Anthropic has not done any of this — in fact, the company has drawn ire from developers for actively cracking down on token usage. Claude Opus 4.7’s new tokenizer — the part of inference that converts the prompt’s words to small chunks the model can understand — creates more tokens to encode the same text as previous versions. Anthropic has even tested removing access to Claude Code in the $20 Pro plan. It has also banned the use of third-party harnesses, most notably OpenClaw, the agent tool created by Peter Steinberger that went viral a few months ago. (OpenClaw was originally named Clawdbot and worked best with Claude models.)

Anthropic is doing this for one clear reason: They can’t afford to subsidize as many tokens anymore. The $20, $100, and $200 subscription plans for these artificial intelligence services are known as subsidized plans, giving subscribers more inference than they’re paying for. Cursor, the company that made the original AI-based Visual Studio Code fork, estimated that the $200 Claude Max plan offers roughly $5,000 of inference every month. That means that a person paying only $200 could use $5,000 worth of tokens billed at the standard rates: $5 per million input tokens and $25 per million output tokens. (These rates are billed by accessing Claude through the application programming interface.)

Anthropic (and OpenAI) can do this because not everyone who subscribes to the $200 plan uses $200 of inference every month. I would be surprised if most $20 subscribers even use $5 of inference every month. Most ChatGPT Plus subscribers don’t even know there is a model better than GPT-5.3 Instant, the base model, and they’re only subscribing for higher usage limits for that tier of service. This is advantageous to OpenAI because it pockets $15 from such a user. Heavy users, such as those who run Codex all day, also gain, as they can use thousands of dollars of tokens for only a few hundred dollars.

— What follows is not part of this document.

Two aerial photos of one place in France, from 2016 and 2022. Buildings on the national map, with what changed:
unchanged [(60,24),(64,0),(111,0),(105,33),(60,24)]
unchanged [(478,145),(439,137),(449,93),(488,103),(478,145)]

The problem with this is that it requires many people to subscribe to ChatGPT, when the vast majority don’t even know what’s included in the ChatGPT Plus plan. And rightfully so — $20 a month is an unfathomable subscription cost for many people. Talk about $200 a month. They’re not using advanced models, and they don’t use ChatGPT enough to hit the context window or token limit every five hours. But OpenAI’s employees, in a desperate attempt to steal users from Anthropic — which is already burning goodwill by messing with its subsidized tokens that once made the company famous — aren’t helping either by resetting the usage limits and offering generous multipliers on token usage every month.

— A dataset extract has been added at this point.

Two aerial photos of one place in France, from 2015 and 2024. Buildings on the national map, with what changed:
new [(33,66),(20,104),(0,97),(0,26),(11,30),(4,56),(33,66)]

The natural solution to this is to sign enterprise contracts to subsidize heavy Codex users, but that takes time and years of marketing. In the meantime, OpenAI needs money fast to build compute to run all of this free inference. Anthropic realized early that this would be a precarious position and immediately stopped people from burning tokens through third-party harnesses and tools. It invested early in signing enterprise contracts, right as Claude Opus 4.5 was taking off with hobbyists. And now it’s playing games to continue to turn a profit. The economics of subsidized tokens caught up to Anthropic, and it weaseled itself out of that situation (or is trying to). OpenAI has not, and now it’s sweating internally.

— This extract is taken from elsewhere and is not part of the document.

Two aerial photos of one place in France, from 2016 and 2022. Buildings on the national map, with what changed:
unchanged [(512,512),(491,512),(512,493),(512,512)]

What we should make out of all of this is that subsidized tokens will soon be a thing of the past. $20 inference plans will be completely neutered, and everyone will be expected to pay hundreds of dollars for inference. The free tiers of the chat apps will be full of chumbox advertisements, like every other internet service. When Uber launched with a ton of venture capital funding, you could hail one for sometimes half of what a taxicab would cost. Nowadays, an Uber from Newark Liberty Airport to Manhattan costs over $100 (anecdotally). The era of subsidized Ubers passed, Uber turned a profit, and now we’re stuck with expensive transportation. The same thing will happen to AI tokens, and when it does, prepare for the bubble to finally burst.